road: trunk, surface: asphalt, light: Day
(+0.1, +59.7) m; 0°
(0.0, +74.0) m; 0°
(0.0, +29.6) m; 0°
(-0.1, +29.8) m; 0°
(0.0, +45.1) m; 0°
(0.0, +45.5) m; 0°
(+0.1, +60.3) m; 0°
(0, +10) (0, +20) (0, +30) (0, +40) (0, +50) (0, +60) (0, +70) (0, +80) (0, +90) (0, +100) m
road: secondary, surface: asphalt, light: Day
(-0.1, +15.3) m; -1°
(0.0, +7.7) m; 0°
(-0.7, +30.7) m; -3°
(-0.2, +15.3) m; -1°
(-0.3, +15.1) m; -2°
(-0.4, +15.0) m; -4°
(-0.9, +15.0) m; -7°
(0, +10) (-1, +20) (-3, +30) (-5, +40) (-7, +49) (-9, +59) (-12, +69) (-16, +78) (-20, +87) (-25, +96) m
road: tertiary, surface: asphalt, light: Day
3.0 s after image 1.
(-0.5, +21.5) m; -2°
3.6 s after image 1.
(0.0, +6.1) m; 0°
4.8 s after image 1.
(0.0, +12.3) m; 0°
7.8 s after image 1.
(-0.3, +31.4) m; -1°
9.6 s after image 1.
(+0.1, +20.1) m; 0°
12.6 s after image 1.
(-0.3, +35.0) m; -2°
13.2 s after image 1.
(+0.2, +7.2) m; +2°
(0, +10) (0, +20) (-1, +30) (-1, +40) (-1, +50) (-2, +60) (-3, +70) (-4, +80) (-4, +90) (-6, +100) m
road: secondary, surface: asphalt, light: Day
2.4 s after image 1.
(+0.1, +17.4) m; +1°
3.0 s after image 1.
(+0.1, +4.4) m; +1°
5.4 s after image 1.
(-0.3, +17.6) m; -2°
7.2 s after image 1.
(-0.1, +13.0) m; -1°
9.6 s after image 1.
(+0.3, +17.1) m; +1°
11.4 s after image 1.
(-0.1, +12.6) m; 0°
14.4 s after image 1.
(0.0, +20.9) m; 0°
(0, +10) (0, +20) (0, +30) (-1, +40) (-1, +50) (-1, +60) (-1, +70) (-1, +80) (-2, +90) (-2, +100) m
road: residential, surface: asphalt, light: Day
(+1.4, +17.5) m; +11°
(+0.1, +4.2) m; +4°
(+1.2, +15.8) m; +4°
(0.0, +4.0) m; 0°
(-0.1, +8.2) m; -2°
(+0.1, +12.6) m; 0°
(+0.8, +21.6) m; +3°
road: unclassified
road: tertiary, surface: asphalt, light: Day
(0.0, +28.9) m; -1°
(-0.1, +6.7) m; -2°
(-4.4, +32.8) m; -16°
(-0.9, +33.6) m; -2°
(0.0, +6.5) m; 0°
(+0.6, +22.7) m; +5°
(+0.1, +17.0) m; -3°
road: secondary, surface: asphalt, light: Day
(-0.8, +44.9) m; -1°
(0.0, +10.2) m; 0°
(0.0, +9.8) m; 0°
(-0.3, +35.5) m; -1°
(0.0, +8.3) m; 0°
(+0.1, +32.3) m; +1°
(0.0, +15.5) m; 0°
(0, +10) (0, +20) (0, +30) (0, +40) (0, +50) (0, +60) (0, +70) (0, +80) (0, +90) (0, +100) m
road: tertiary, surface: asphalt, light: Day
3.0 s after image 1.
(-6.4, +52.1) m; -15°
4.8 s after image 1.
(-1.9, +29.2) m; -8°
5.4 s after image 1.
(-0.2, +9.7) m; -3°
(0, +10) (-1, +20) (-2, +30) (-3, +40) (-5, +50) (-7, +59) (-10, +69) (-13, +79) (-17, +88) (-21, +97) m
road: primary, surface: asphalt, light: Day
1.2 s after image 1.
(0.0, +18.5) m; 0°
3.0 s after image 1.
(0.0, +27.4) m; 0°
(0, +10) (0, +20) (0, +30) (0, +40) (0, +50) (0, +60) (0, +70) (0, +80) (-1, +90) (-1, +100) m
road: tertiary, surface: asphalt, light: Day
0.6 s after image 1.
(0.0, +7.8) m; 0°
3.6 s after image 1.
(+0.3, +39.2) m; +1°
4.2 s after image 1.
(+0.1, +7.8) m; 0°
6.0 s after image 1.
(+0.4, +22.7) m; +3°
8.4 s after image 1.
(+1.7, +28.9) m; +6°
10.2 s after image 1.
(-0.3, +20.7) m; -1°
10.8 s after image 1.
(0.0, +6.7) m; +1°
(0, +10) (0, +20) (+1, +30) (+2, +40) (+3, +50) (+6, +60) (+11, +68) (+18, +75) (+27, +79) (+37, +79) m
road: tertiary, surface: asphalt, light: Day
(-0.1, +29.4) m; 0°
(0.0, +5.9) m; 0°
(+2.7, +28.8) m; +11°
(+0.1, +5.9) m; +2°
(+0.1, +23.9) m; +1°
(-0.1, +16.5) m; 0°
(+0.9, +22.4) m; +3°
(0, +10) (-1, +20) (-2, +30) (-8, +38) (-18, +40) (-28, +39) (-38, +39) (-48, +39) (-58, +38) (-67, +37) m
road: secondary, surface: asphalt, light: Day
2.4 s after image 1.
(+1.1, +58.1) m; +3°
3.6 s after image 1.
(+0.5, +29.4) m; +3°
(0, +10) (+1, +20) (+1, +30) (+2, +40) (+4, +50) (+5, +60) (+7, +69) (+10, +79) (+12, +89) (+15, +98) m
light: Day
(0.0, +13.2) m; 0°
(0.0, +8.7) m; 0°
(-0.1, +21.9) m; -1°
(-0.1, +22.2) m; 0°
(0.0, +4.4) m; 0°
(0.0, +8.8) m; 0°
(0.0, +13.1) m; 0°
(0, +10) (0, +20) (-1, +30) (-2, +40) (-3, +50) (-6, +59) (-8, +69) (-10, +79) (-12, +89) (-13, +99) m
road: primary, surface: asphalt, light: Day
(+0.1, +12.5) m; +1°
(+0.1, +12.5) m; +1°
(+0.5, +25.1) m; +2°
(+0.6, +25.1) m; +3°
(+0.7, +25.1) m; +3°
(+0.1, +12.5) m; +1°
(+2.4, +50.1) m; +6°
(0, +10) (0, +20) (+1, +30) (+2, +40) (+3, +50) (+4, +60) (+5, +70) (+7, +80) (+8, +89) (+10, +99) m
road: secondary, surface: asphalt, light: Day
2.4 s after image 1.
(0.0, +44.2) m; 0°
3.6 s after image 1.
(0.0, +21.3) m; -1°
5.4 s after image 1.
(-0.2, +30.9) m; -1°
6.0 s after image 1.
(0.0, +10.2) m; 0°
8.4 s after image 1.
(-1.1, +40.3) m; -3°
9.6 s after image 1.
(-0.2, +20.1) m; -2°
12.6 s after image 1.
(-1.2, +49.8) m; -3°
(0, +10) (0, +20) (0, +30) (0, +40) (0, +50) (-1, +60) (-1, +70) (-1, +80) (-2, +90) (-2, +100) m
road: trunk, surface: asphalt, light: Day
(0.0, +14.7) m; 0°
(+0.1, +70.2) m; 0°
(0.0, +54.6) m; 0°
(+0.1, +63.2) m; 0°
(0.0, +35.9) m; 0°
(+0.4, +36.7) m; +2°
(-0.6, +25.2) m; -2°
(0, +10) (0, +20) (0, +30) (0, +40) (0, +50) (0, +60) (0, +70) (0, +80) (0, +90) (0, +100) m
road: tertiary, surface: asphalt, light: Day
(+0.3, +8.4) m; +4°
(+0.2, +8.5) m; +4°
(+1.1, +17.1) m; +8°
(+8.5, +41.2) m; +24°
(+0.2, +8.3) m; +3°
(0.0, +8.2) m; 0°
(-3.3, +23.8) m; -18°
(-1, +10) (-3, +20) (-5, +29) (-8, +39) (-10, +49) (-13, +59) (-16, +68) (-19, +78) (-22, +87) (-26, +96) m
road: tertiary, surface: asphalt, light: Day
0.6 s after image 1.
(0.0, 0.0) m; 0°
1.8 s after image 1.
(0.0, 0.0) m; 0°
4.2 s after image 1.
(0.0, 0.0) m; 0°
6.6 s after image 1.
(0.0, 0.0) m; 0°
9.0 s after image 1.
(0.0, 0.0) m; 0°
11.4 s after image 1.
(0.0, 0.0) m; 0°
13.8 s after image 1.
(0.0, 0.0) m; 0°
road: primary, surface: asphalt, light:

-------

Please give again only the lines from the start of the material through the line holding "road: unclassified", exactly as they are written.

▸ **Written answer**:
road: trunk, surface: asphalt, light: Day
(+0.1, +59.7) m; 0°
(0.0, +74.0) m; 0°
(0.0, +29.6) m; 0°
(-0.1, +29.8) m; 0°
(0.0, +45.1) m; 0°
(0.0, +45.5) m; 0°
(+0.1, +60.3) m; 0°
(0, +10) (0, +20) (0, +30) (0, +40) (0, +50) (0, +60) (0, +70) (0, +80) (0, +90) (0, +100) m
road: secondary, surface: asphalt, light: Day
(-0.1, +15.3) m; -1°
(0.0, +7.7) m; 0°
(-0.7, +30.7) m; -3°
(-0.2, +15.3) m; -1°
(-0.3, +15.1) m; -2°
(-0.4, +15.0) m; -4°
(-0.9, +15.0) m; -7°
(0, +10) (-1, +20) (-3, +30) (-5, +40) (-7, +49) (-9, +59) (-12, +69) (-16, +78) (-20, +87) (-25, +96) m
road: tertiary, surface: asphalt, light: Day
3.0 s after image 1.
(-0.5, +21.5) m; -2°
3.6 s after image 1.
(0.0, +6.1) m; 0°
4.8 s after image 1.
(0.0, +12.3) m; 0°
7.8 s after image 1.
(-0.3, +31.4) m; -1°
9.6 s after image 1.
(+0.1, +20.1) m; 0°
12.6 s after image 1.
(-0.3, +35.0) m; -2°
13.2 s after image 1.
(+0.2, +7.2) m; +2°
(0, +10) (0, +20) (-1, +30) (-1, +40) (-1, +50) (-2, +60) (-3, +70) (-4, +80) (-4, +90) (-6, +100) m
road: secondary, surface: asphalt, light: Day
2.4 s after image 1.
(+0.1, +17.4) m; +1°
3.0 s after image 1.
(+0.1, +4.4) m; +1°
5.4 s after image 1.
(-0.3, +17.6) m; -2°
7.2 s after image 1.
(-0.1, +13.0) m; -1°
9.6 s after image 1.
(+0.3, +17.1) m; +1°
11.4 s after image 1.
(-0.1, +12.6) m; 0°
14.4 s after image 1.
(0.0, +20.9) m; 0°
(0, +10) (0, +20) (0, +30) (-1, +40) (-1, +50) (-1, +60) (-1, +70) (-1, +80) (-2, +90) (-2, +100) m
road: residential, surface: asphalt, light: Day
(+1.4, +17.5) m; +11°
(+0.1, +4.2) m; +4°
(+1.2, +15.8) m; +4°
(0.0, +4.0) m; 0°
(-0.1, +8.2) m; -2°
(+0.1, +12.6) m; 0°
(+0.8, +21.6) m; +3°
road: unclassified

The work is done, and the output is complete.